Hi and welcome to Discuss Cooking [emoji2]

No, that person is not correct. A little sugar can be used to balance the flavor of a sauce that's too acidic, but it doesn't do anything else. If you don't think your sauce needs it, you can leave it out. A little bit of sugar isn't going to rot your teeth, as long as you brush regularly


----------



## larry_stewart (Apr 15, 2019)

GotGarlic said:


> A little bit of sugar isn't going to rot your teeth, as long as you brush regularly



And floss too!!

Just about everything you're going to eat will either have sugar or break down into sugar, which basically feeds the bacteria that will break the sugars down even more   to an acid that will do the actual damage to your teeth ( along with any acidic foods).  In addition, stickier things are worse than something that is fluid (for example, caramel, dried fruit ...).  They adhere to the teeth, making it more difficult to clean.

Sure, the extra sugar would make your teeth more at risk than less sugar.  But in reality, if you clean it off after eating ( brushing, flossing and rinsing), there should be no problem.  Some people are more cavity prone than others due to the enamel make up of their teeth or even the specific tooth anatomy itself.


----------



## roadfix (Apr 16, 2019)

Hi !!


----------



## Josie1945 (Apr 16, 2019)

Hi
Welcome to DC.
I am sure you get more sugar
than that by accident, don't 
worry about it.

Josie


----------



## jennyema (Apr 16, 2019)

discusscookingnewbie said:


> Hi, I am new here and I am not sure witch section of this forum to post my question in, hopefully this is correct.
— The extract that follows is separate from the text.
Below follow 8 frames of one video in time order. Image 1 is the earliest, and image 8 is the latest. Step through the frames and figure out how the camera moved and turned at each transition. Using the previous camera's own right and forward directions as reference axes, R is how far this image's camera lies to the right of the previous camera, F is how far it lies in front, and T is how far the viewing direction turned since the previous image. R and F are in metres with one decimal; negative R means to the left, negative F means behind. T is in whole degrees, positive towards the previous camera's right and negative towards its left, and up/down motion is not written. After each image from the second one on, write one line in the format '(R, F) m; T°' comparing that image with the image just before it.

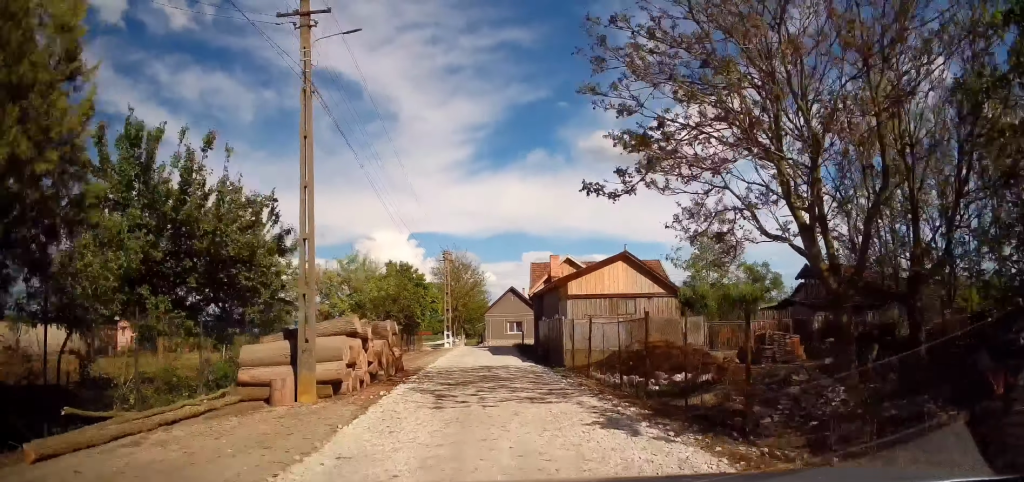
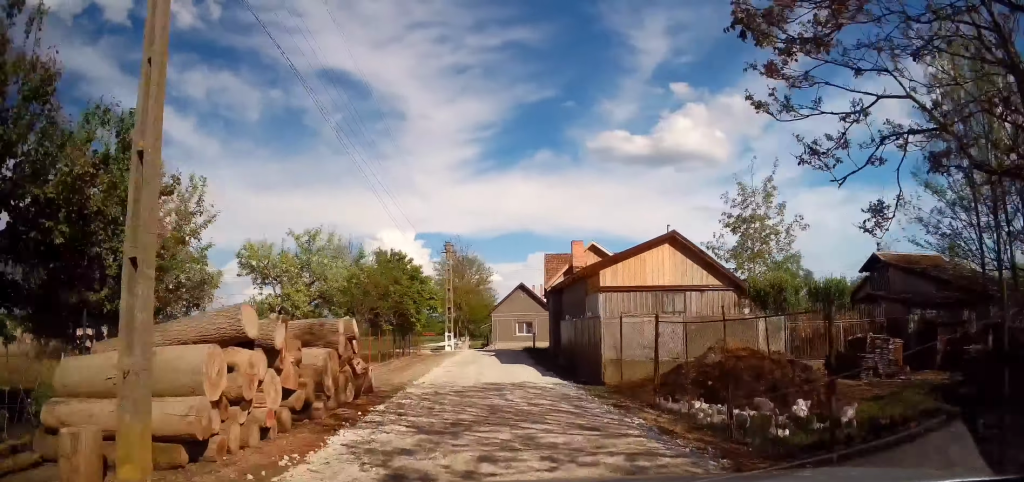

Someone who I wont name told me that adding sugar to pizza sauce or spaghetti sauce takes out the impurities in the sauce when cooking it and makes the sauce better health wise or more healthy. I don't quite by this and so I came here to ask professionals if that is right. Is it true? I don't want to eat pizza or spaghetti with added sugar in it because I don't want my teeth to get messed up or rot. I like to keep it healthy.




I have no idea why anyone would think that.  Its not true.

Sugar doesn't decrease acidity but it masks it, thus balancing it out.  It also helps savory food taste more savory in small amounts.

Your teeth wont rot if you add a pinch of sugar to spaghetti sauce


----------



## Addie (Apr 16, 2019)

Sugar dissolves in liquid. Do you ever eat ice cream? Drink tea or coffee and put sugar in them along with your cream? Even that nice cold ice cream you love so much in the summer has a sweetener in it. Eat foods that have corn syrup in it? (corn syrup is a form of sugar) Read the back on the label. If it says fructose, or any word ending in "ose" then there is sugar in it. 

And welcome to DC. Lots of fun and laughter here along with useful information.


----------



## Oldvine (Apr 17, 2019)

Hello and welcome
I've never heard of adding sugar to pizza or spaghetti sauce.  I might think to add if the sauce is extremely tart but I've never heard it as a improvement tip.  Sometimes I find those sauce to be too sweet and add a little vinegar.  But that's just me.


----------



## Andy M. (Apr 17, 2019)

Sugar has long been added to make tomato sauce that is too acidic taste better .  The result is often a cloyingly sweet sauce. 

The solution to an overly acidic sauce is to counteract the acidity not add other flavors. 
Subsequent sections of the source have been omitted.